Rilevava ancora il ricorrente come la ripresa video acquisita agli atti non fosse idonea a fondare la responsabilità dell’imputato, atteso che dalla visione della stessa non era possibile individuare né la presenza di un portafogli né alcun prelevamento da parte dell’imputato, come attestato dalla consulenza video fotografica prodotta dalla difesa.
CONSIDERATO IN DIRITTO
Il ricorso, proposto sulla base di censure manifestamente infondate ovvero generiche o non consentite, deve essere dichiarato inammissibile con ogni conseguenza di legge.
Preliminarmente, si precisa che ci si trova al cospetto della conferma nei medesimi termini della sentenza pronunciata in primo grado, cioè ad una c.d. “doppia conforme”. Tale costruzione postula che il vizio di motivazione deducibile e censurabile in sede di legittimità sia soltanto quello che, a presidio del devolutum, discende dalla pretermissione dell’esame di temi probatori decisivi, ritualmente indicati come motivi di appello e trascurati in quella sede (Sez. 5, n. 1927 del 20/12/2017, dep. 2018, COGNOME e altri, Rv. 272324; Sez. 2, n. 10758 del 29/01/2015, Giugliano, Rv. 263129; Sez. 5, n. 2916 del 13/12/2013, dep. 2014, Dall’Agnola, Rv. 257967); o anche manifestamente travisati in entrambi i gradi di giudizio (Sez. 2, n. 5336 del 09/01/2018, Rv. 272018).
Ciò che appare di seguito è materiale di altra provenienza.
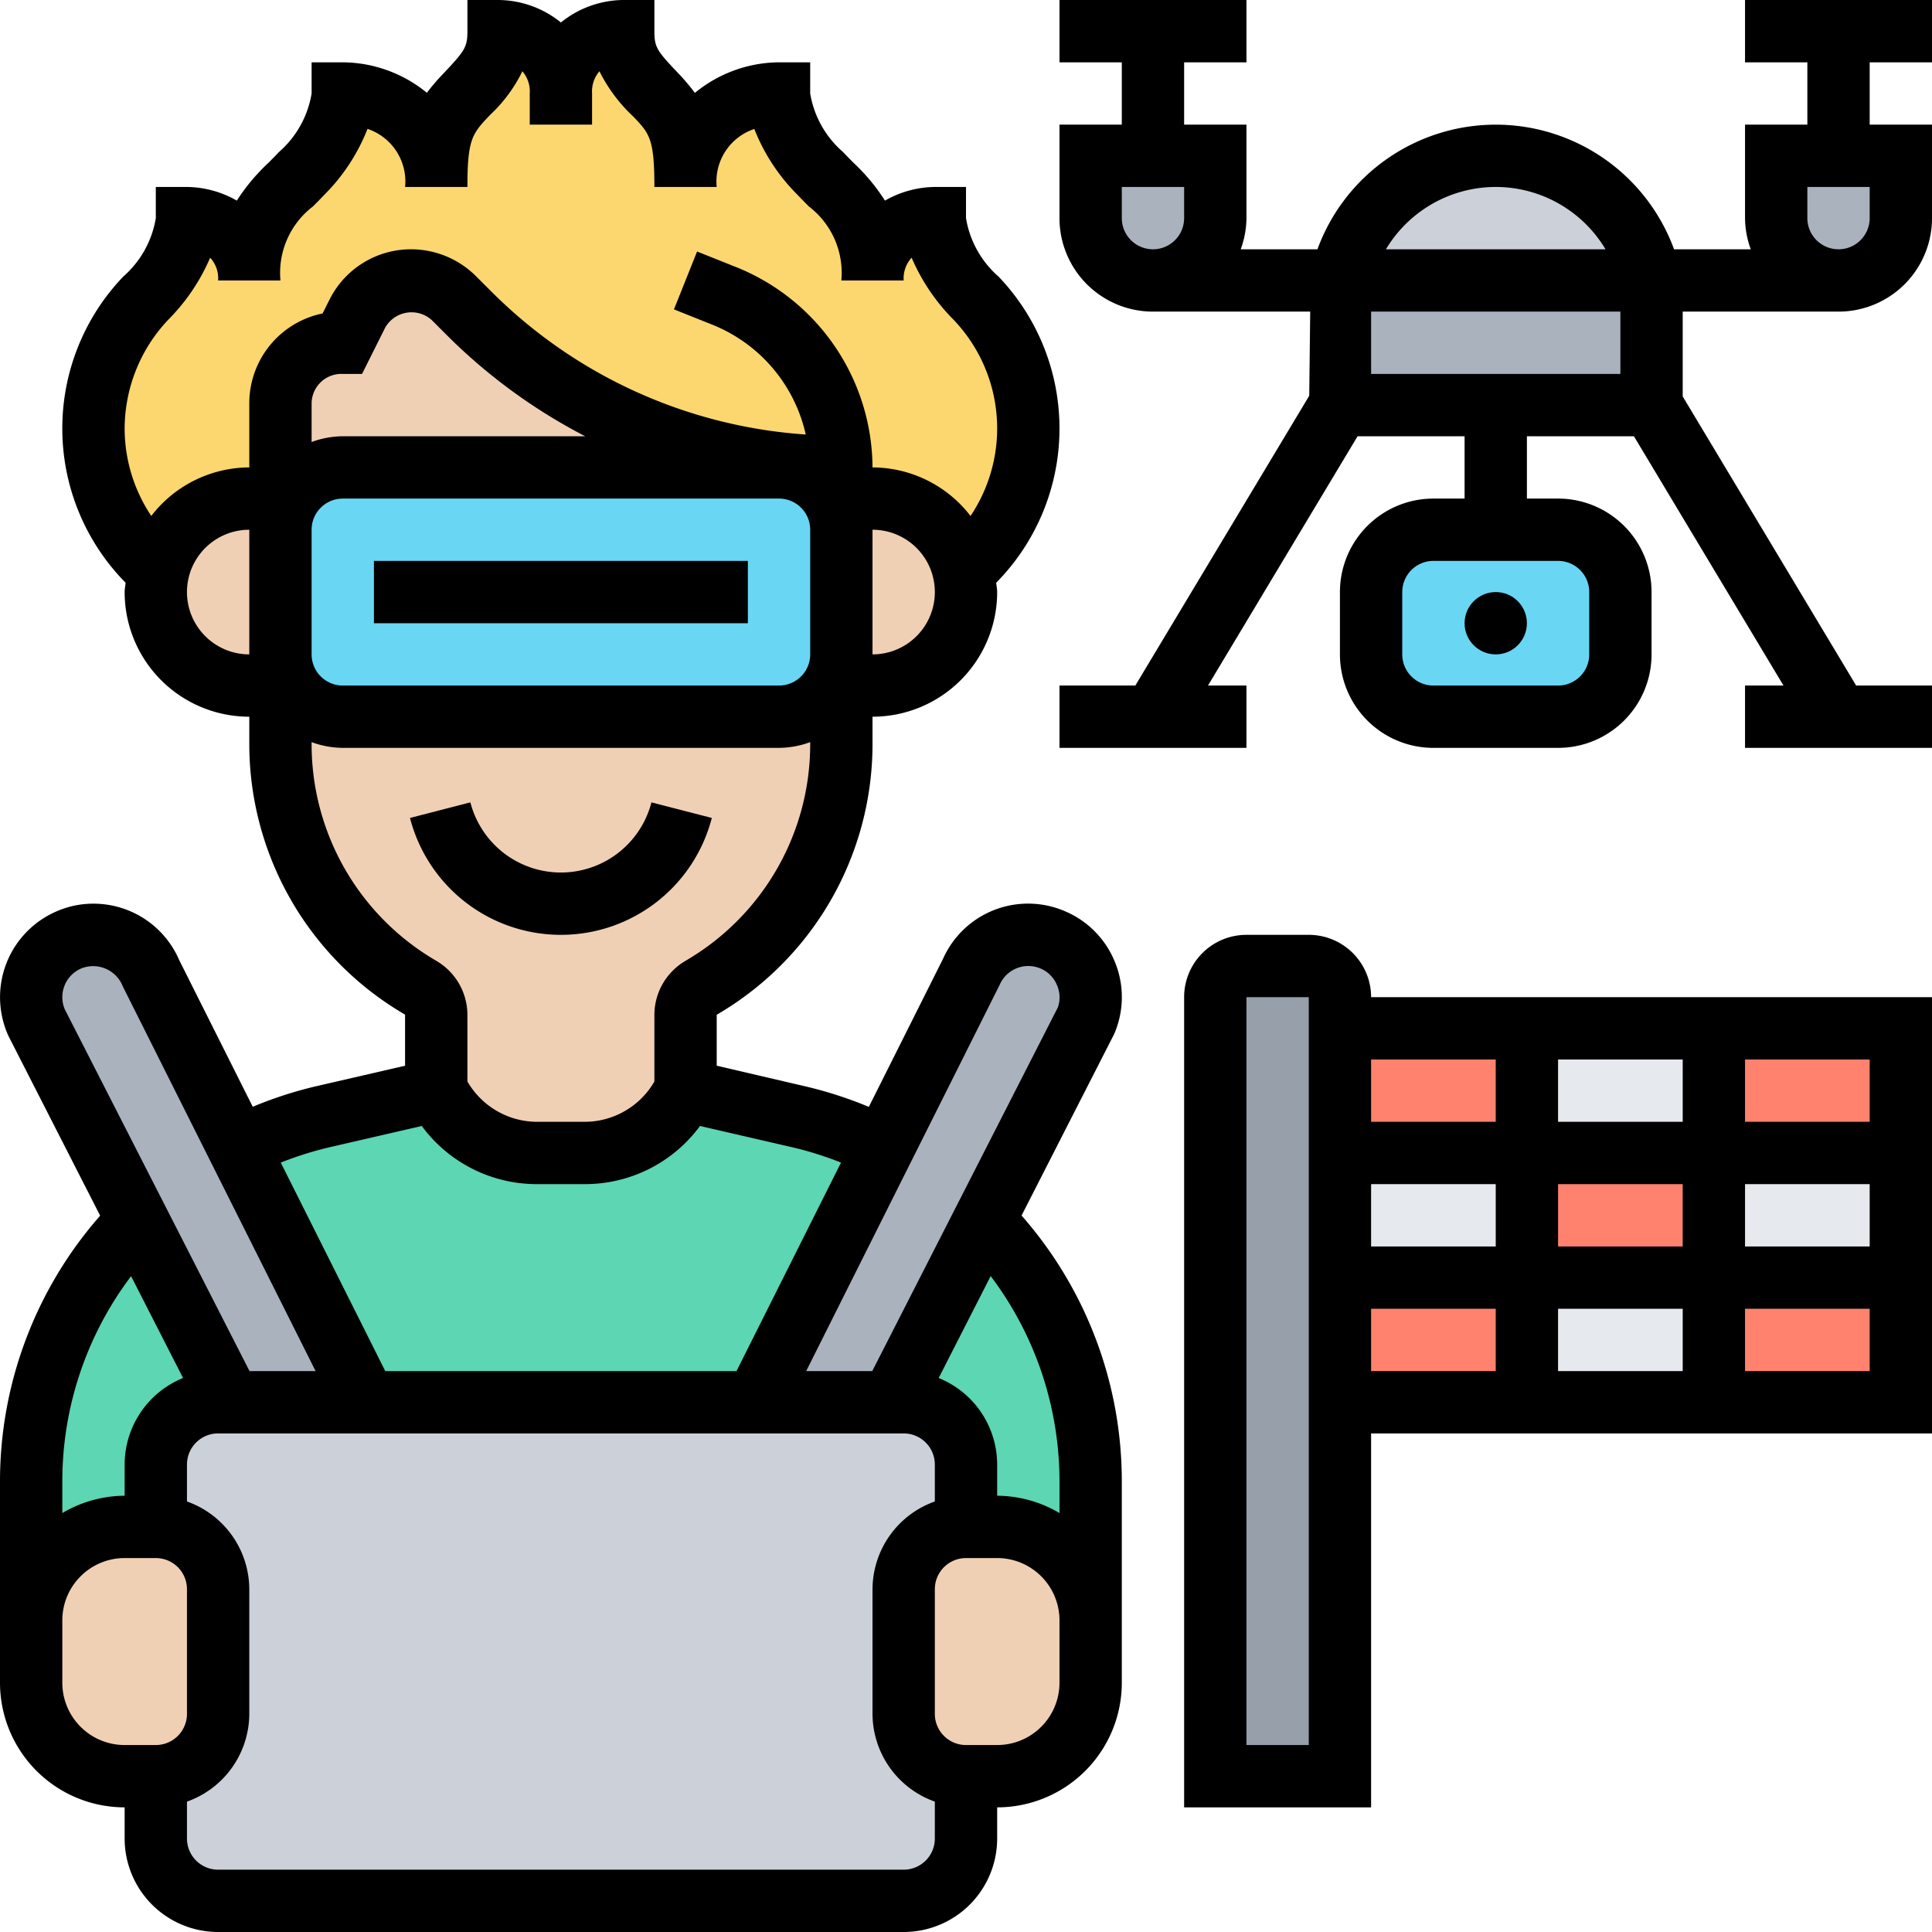 <svg id="Group_51" data-name="Group 51" xmlns="http://www.w3.org/2000/svg" width="62" height="62" viewBox="0 0 62 62">
  <g id="Group_50" data-name="Group 50">
    <g id="Group_48" data-name="Group 48">
      <g id="Group_19" data-name="Group 19">
        <path id="Path_71" data-name="Path 71" d="M61,7a2,2,0,0,1-4,0V5h4Z" fill="#aab2bd"/>
      </g>
      <g id="Group_20" data-name="Group 20">
        <path id="Path_72" data-name="Path 72" d="M39,7a2,2,0,0,1-4,0V5h4Z" fill="#aab2bd"/>
      </g>
      <g id="Group_21" data-name="Group 21">
        <path id="Path_73" data-name="Path 73" d="M53,9v4H43V9Z" fill="#aab2bd"/>
      </g>
      <g id="Group_22" data-name="Group 22">
        <path id="Path_74" data-name="Path 74" d="M43.03,8.88a5.122,5.122,0,0,1,9.94,0L53,9H43Z" fill="#ccd1d9"/>
      </g>
      <g id="Group_23" data-name="Group 23">
        <path id="Path_75" data-name="Path 75" d="M52,19v2a2.006,2.006,0,0,1-2,2H46a2.006,2.006,0,0,1-2-2V19a2.006,2.006,0,0,1,2-2h4A2.006,2.006,0,0,1,52,19Z" fill="#69d6f4"/>
      </g>
      <g id="Group_24" data-name="Group 24">
        <path id="Path_76" data-name="Path 76" d="M15,3a2.516,2.516,0,0,0,1-2,1.959,1.959,0,0,1,2,2,1.959,1.959,0,0,1,2-2,2.516,2.516,0,0,0,1,2c.66.7,1,1,1,3a2.938,2.938,0,0,1,3-3,4.05,4.05,0,0,0,1.32,2.56C27.22,6.51,28,7,28,9a1.959,1.959,0,0,1,2-2,4.05,4.05,0,0,0,1.32,2.56A6.125,6.125,0,0,1,33,13.75a6.055,6.055,0,0,1-2.08,4.57A3,3,0,0,0,28,16H27V15a16.9,16.9,0,0,1-11.95-4.95l-.48-.48a1.942,1.942,0,0,0-3.11.5L11,11h-.06A1.942,1.942,0,0,0,9,12.94V16H8a3,3,0,0,0-2.92,2.32A6.055,6.055,0,0,1,3,13.75,6.125,6.125,0,0,1,4.68,9.56,4.05,4.05,0,0,0,6,7,1.959,1.959,0,0,1,8,9c0-2,.78-2.49,1.68-3.44A4.05,4.05,0,0,0,11,3a2.938,2.938,0,0,1,3,3C14,4,14.34,3.7,15,3Z" fill="#fcd770"/>
      </g>
      <g id="Group_25" data-name="Group 25">
        <path id="Path_77" data-name="Path 77" d="M31,47a2.006,2.006,0,0,0-2-2h-.4l2.98-5.84A11.95,11.95,0,0,1,35,47.55V52a3,3,0,0,0-3-3H31Z" fill="#5cd6b3"/>
      </g>
      <g id="Group_26" data-name="Group 26">
        <path id="Path_78" data-name="Path 78" d="M7,45a2.006,2.006,0,0,0-2,2v2H4a3,3,0,0,0-3,3V47.55a11.95,11.95,0,0,1,3.42-8.39L7.4,45Z" fill="#5cd6b3"/>
      </g>
      <g id="Group_27" data-name="Group 27">
        <path id="Path_79" data-name="Path 79" d="M28.36,36.81,24.25,45H11.75L7.64,36.81a11.864,11.864,0,0,1,2.66-.96L14,35a3.613,3.613,0,0,0,3.24,2h1.52A3.613,3.613,0,0,0,22,35l3.7.85A11.865,11.865,0,0,1,28.36,36.81Z" fill="#5cd6b3"/>
      </g>
      <g id="Group_28" data-name="Group 28">
        <path id="Path_80" data-name="Path 80" d="M34.86,31.26a2.026,2.026,0,0,1-.02,1.53l-3.26,6.37L28.6,45H24.25l4.11-8.19,2.8-5.6A2.014,2.014,0,0,1,33,30a1.958,1.958,0,0,1,.79.16A1.991,1.991,0,0,1,34.86,31.26Z" fill="#aab2bd"/>
      </g>
      <g id="Group_29" data-name="Group 29">
        <path id="Path_81" data-name="Path 81" d="M7.64,36.81,11.75,45H7.4L4.42,39.16,1.16,32.79a2,2,0,0,1,1.05-2.63A1.925,1.925,0,0,1,3,30a2.014,2.014,0,0,1,1.84,1.21Z" fill="#aab2bd"/>
      </g>
      <g id="Group_30" data-name="Group 30">
        <path id="Path_82" data-name="Path 82" d="M5,47a2.006,2.006,0,0,1,2-2H29a2.006,2.006,0,0,1,2,2v2a2.006,2.006,0,0,0-2,2v4a2.006,2.006,0,0,0,2,2v2a2.006,2.006,0,0,1-2,2H7a2.006,2.006,0,0,1-2-2V57a2.006,2.006,0,0,0,2-2V51a2.006,2.006,0,0,0-2-2Z" fill="#ccd1d9"/>
      </g>
      <g id="Group_31" data-name="Group 31">
        <path id="Path_83" data-name="Path 83" d="M4,57a3,3,0,0,1-3-3V52a3,3,0,0,1,3-3H5a2.006,2.006,0,0,1,2,2v4a2.006,2.006,0,0,1-2,2Z" fill="#f0d0b4"/>
      </g>
      <g id="Group_32" data-name="Group 32">
        <path id="Path_84" data-name="Path 84" d="M31,49h1a3,3,0,0,1,3,3v2a3,3,0,0,1-3,3H31a2.006,2.006,0,0,1-2-2V51A2.006,2.006,0,0,1,31,49Z" fill="#f0d0b4"/>
      </g>
      <g id="Group_33" data-name="Group 33">
        <path id="Path_85" data-name="Path 85" d="M28,16a3,3,0,0,1,2.92,2.32A3.084,3.084,0,0,1,31,19a3,3,0,0,1-3,3H27V16Z" fill="#f0d0b4"/>
      </g>
      <g id="Group_34" data-name="Group 34">
        <path id="Path_86" data-name="Path 86" d="M11,23H25a2.006,2.006,0,0,0,2-2v2.91a8.984,8.984,0,0,1-4.37,7.71l-.14.09a.978.978,0,0,0-.49.86V35a3.613,3.613,0,0,1-3.24,2H17.24A3.613,3.613,0,0,1,14,35V32.57a.978.978,0,0,0-.49-.86l-.14-.09A8.984,8.984,0,0,1,9,23.91V21a2.006,2.006,0,0,0,2,2Z" fill="#f0d0b4"/>
      </g>
      <g id="Group_35" data-name="Group 35">
        <path id="Path_87" data-name="Path 87" d="M9,21v1H8a3,3,0,0,1-3-3,3.084,3.084,0,0,1,.08-.68A3,3,0,0,1,8,16H9v5Z" fill="#f0d0b4"/>
      </g>
      <g id="Group_36" data-name="Group 36">
        <path id="Path_88" data-name="Path 88" d="M25,15H11a2.006,2.006,0,0,0-2,2V12.94A1.942,1.942,0,0,1,10.94,11H11l.46-.93a1.942,1.942,0,0,1,3.11-.5l.48.48A16.9,16.9,0,0,0,27,15v2A2.006,2.006,0,0,0,25,15Z" fill="#f0d0b4"/>
      </g>
      <g id="Group_37" data-name="Group 37">
        <path id="Path_89" data-name="Path 89" d="M9,21V17a2.006,2.006,0,0,1,2-2H25a2.006,2.006,0,0,1,2,2v4a2.006,2.006,0,0,1-2,2H11A2.006,2.006,0,0,1,9,21Z" fill="#69d6f4"/>
      </g>
      <g id="Group_38" data-name="Group 38">
        <path id="Path_90" data-name="Path 90" d="M55,37h6v4H55Z" fill="#e6e9ed"/>
      </g>
      <g id="Group_39" data-name="Group 39">
        <path id="Path_91" data-name="Path 91" d="M49,41h6v4H49Z" fill="#e6e9ed"/>
      </g>
      <g id="Group_40" data-name="Group 40">
        <path id="Path_92" data-name="Path 92" d="M43,37h6v4H43Z" fill="#e6e9ed"/>
      </g>
      <g id="Group_41" data-name="Group 41">
        <path id="Path_93" data-name="Path 93" d="M49,33h6v4H49Z" fill="#e6e9ed"/>
      </g>
      <g id="Group_42" data-name="Group 42">
        <path id="Path_94" data-name="Path 94" d="M55,41h6v4H55Z" fill="#ff826e"/>
      </g>
      <g id="Group_43" data-name="Group 43">
        <path id="Path_95" data-name="Path 95" d="M43,41h6v4H43Z" fill="#ff826e"/>
      </g>
      <g id="Group_44" data-name="Group 44">
        <path id="Path_96" data-name="Path 96" d="M55,33h6v4H55Z" fill="#ff826e"/>
      </g>
      <g id="Group_45" data-name="Group 45">
        <path id="Path_97" data-name="Path 97" d="M49,37h6v4H49Z" fill="#ff826e"/>
      </g>
      <g id="Group_46" data-name="Group 46">
        <path id="Path_98" data-name="Path 98" d="M43,33h6v4H43Z" fill="#ff826e"/>
      </g>
      <g id="Group_47" data-name="Group 47">
        <path id="Path_99" data-name="Path 99" d="M43,45V57H39V32a1,1,0,0,1,1-1h2a1,1,0,0,1,1,1V45Z" fill="#969faa"/>
      </g>
    </g>
    <g id="Group_49" data-name="Group 49">
      <path id="Path_100" data-name="Path 100" d="M18,30a5,5,0,0,0,4.843-3.751l-1.938-.5a3,3,0,0,1-5.81,0l-1.938.5A5,5,0,0,0,18,30Z"/>
      <path id="Path_101" data-name="Path 101" d="M12,18H24v2H12Z"/>
      <path id="Path_102" data-name="Path 102" d="M35.784,30.885a2.975,2.975,0,0,0-1.6-1.639,2.988,2.988,0,0,0-3.919,1.519l-2.383,4.756a13.041,13.041,0,0,0-1.962-.641L23,34.2V32.566l.144-.087A10.048,10.048,0,0,0,28,23.9V23h0a4,4,0,0,0,4-4c0-.1-.023-.2-.03-.3a7.05,7.05,0,0,0,.074-9.824A3.175,3.175,0,0,1,31,7V6H30a3.279,3.279,0,0,0-1.6.438,6.352,6.352,0,0,0-1.019-1.223c-.108-.109-.22-.221-.332-.341A3.17,3.17,0,0,1,26,3V2H25a4.293,4.293,0,0,0-2.7.981,6.9,6.9,0,0,0-.57-.668C21.082,1.63,21,1.513,21,1V0H20a3.229,3.229,0,0,0-2,.721A3.229,3.229,0,0,0,16,0H15V1c0,.513-.082.63-.781,1.371a6.349,6.349,0,0,0-.52.607A4.3,4.3,0,0,0,11,2H10V3A3.175,3.175,0,0,1,8.956,4.875c-.112.12-.224.231-.332.341A6.351,6.351,0,0,0,7.6,6.438,3.279,3.279,0,0,0,6,6H5V7A3.175,3.175,0,0,1,3.956,8.875,7.05,7.05,0,0,0,4.03,18.7c-.007.1-.03.2-.03.3a4,4,0,0,0,4,4H8V23.9a10.048,10.048,0,0,0,4.854,8.574l.145.087V34.2l-2.925.675a13.054,13.054,0,0,0-1.963.642l-2.357-4.7A2.994,2.994,0,0,0,3,29a2.937,2.937,0,0,0-1.182.245,3,3,0,0,0-1.547,4l2.943,5.767A12.915,12.915,0,0,0,0,47.546V54a4,4,0,0,0,4,4v1a3,3,0,0,0,3,3H29a3,3,0,0,0,3-3V58a4,4,0,0,0,4-4V47.546a12.914,12.914,0,0,0-3.217-8.538l2.972-5.825a2.973,2.973,0,0,0,.029-2.3ZM10,12.938A.955.955,0,0,1,11,12h.618l.741-1.481a.97.97,0,0,1,1.5-.244l.482.482A17.915,17.915,0,0,0,18.78,14H11a2.966,2.966,0,0,0-1,.184ZM10,17a1,1,0,0,1,1-1H25a1,1,0,0,1,1,1v4a1,1,0,0,1-1,1H11a1,1,0,0,1-1-1Zm18,4V17a2,2,0,0,1,0,4ZM4,13.753a5.1,5.1,0,0,1,1.411-3.505A6.367,6.367,0,0,0,6.744,8.27.976.976,0,0,1,7,9H9a2.683,2.683,0,0,1,1.044-2.376c.119-.12.242-.244.367-.376a6.177,6.177,0,0,0,1.383-2.112A1.78,1.78,0,0,1,13,6h2c0-1.545.155-1.71.728-2.313a4.787,4.787,0,0,0,1.036-1.4A.994.994,0,0,1,17,3V4h2V3a1,1,0,0,1,.237-.713,5.077,5.077,0,0,0,1.092,1.459C20.845,4.29,21,4.455,21,6h2a1.776,1.776,0,0,1,1.207-1.861,6.16,6.16,0,0,0,1.382,2.109c.125.132.248.256.367.376A2.683,2.683,0,0,1,27,9h2a.984.984,0,0,1,.255-.731,6.369,6.369,0,0,0,1.334,1.979,5.046,5.046,0,0,1,.556,6.31A3.981,3.981,0,0,0,28,15h0a6.965,6.965,0,0,0-4.4-6.438L22.37,8.071l-.742,1.857,1.229.491a4.961,4.961,0,0,1,3,3.525,15.768,15.768,0,0,1-10.1-4.6l-.483-.482A2.954,2.954,0,0,0,13.2,8,2.922,2.922,0,0,0,10.57,9.624l-.218.435A2.942,2.942,0,0,0,8,12.938V15a3.983,3.983,0,0,0-3.145,1.557A5.058,5.058,0,0,1,4,13.753ZM6,19a2,2,0,0,1,2-2v4A2,2,0,0,1,6,19Zm4,4.905v-.089A2.96,2.96,0,0,0,11,24H25a2.961,2.961,0,0,0,1-.184v.089a8.035,8.035,0,0,1-3.885,6.859l-.144.087A2.013,2.013,0,0,0,21,32.566v2.141A2.587,2.587,0,0,1,18.765,36H17.236A2.588,2.588,0,0,1,15,34.706v-2.14a2.013,2.013,0,0,0-.97-1.715l-.146-.087A8.038,8.038,0,0,1,10,23.9Zm.525,12.923,3.01-.694A4.585,4.585,0,0,0,17.235,38h1.529a4.582,4.582,0,0,0,3.7-1.866l3.009.694a11,11,0,0,1,1.516.481L23.635,44H12.364L9.01,37.309a11.081,11.081,0,0,1,1.516-.481Zm-8.454-5.2a1,1,0,0,1,.54-.551,1.022,1.022,0,0,1,1.332.583L10.128,44H8.008L2.08,32.392a.994.994,0,0,1-.008-.763Zm2.135,9.324,1.669,3.27A3,3,0,0,0,4,47v1a3.959,3.959,0,0,0-2,.556v-1.01a10.923,10.923,0,0,1,2.207-6.593ZM2,54V52a2,2,0,0,1,2-2H5a1,1,0,0,1,1,1v4a1,1,0,0,1-1,1H4a2,2,0,0,1-2-2Zm27,6H7a1,1,0,0,1-1-1V57.816A3,3,0,0,0,8,55V51a3,3,0,0,0-2-2.816V47a1,1,0,0,1,1-1H29a1,1,0,0,1,1,1v1.184A3,3,0,0,0,28,51v4a3,3,0,0,0,2,2.816V59a1,1,0,0,1-1,1Zm5-6a2,2,0,0,1-2,2H31a1,1,0,0,1-1-1V51a1,1,0,0,1,1-1h1a2,2,0,0,1,2,2v2Zm0-6.454v1.01A3.959,3.959,0,0,0,32,48V47a3,3,0,0,0-1.877-2.778l1.669-3.271A10.932,10.932,0,0,1,34,47.546Zm-.054-15.214L27.991,44h-2.12L32.08,31.606a1,1,0,0,1,1.313-.525.988.988,0,0,1,.533.548A.97.97,0,0,1,33.946,32.332Z"/>
      <path id="Path_103" data-name="Path 103" d="M42,30H40a2,2,0,0,0-2,2V58h6V46H62V32H44A2,2,0,0,0,42,30Zm0,26H40V32h2ZM54,38v2H50V38Zm-4-2V34h4v2Zm6,2h4v2H56Zm-2,4v2H50V42Zm-6-2H44V38h4Zm-4,2h4v2H44Zm12,2V42h4v2Zm4-8H56V34h4ZM48,34v2H44V34Z"/>
      <path id="Path_104" data-name="Path 104" d="M62,2V0H56V2h2V4H56V7a2.966,2.966,0,0,0,.184,1H53.722A6.093,6.093,0,0,0,42.278,8H39.816A2.966,2.966,0,0,0,40,7V4H38V2h2V0H34V2h2V4H34V7a3,3,0,0,0,3,3h5.046l-.031,2.7L36.434,22H34v2h6V22H38.766l4.8-8H47v2H46a3,3,0,0,0-3,3v2a3,3,0,0,0,3,3h4a3,3,0,0,0,3-3V19a3,3,0,0,0-3-3H49V14h3.434l4.8,8H56v2h6V22H59.566L54,12.723V10h5a3,3,0,0,0,3-3V4H60V2ZM51,19v2a1,1,0,0,1-1,1H46a1,1,0,0,1-1-1V19a1,1,0,0,1,1-1h4A1,1,0,0,1,51,19ZM48,6a4.106,4.106,0,0,1,3.523,2H44.476A4.109,4.109,0,0,1,48,6ZM36,7V6h2V7a1,1,0,0,1-2,0Zm8,5V10h8v2ZM60,7a1,1,0,0,1-2,0V6h2Z"/>
      <circle id="Ellipse_3" data-name="Ellipse 3" cx="1" cy="1" r="1" transform="translate(47 19)"/>
    </g>
  </g>
</svg>

Al di fuori di tale perimetro, resta precluso il rilievo del vizio di motivazione secondo la nuova espressione dell’art. 606, comma 1, lett. e) cod. proc. pen. nel caso di adeguata e logica valutazione conforme nei gradi di merito del medesimo compendio probatorio. Deve altresì ribadirsi che nei casi di doppia conforme, le motivazioni delle sentenze di merito convergono in un apparato motivazionale integrato e danno luogo
ad un unico complessivo corpo decisionale (Sez. 2 n. 37295 del 12/06/2019, Rv. 277218), che in tali termini deve essere assunto anche nella denuncia dei vizi di legittimità, nei limiti della loro rilevanza.
Ciò premesso, la ritenuta responsabilità del Francavilla, al quale è stata poi applicata la causa di non punibilità ex art. 131 bis cod. pen., per particolare tenuità del fatto, si fonda su plurimi e convergenti elementi probatori logicamente articolati.
È stata innanzitutto valorizzata la deposizione resa dalla p.o., NOME COGNOME ritenuto credibile ed attendibile, e le cui dichiarazioni sono state ritenute riscontrate sia dalle immagini delle videoregistrazioni, sia dalle dichiarazioni del teste COGNOME.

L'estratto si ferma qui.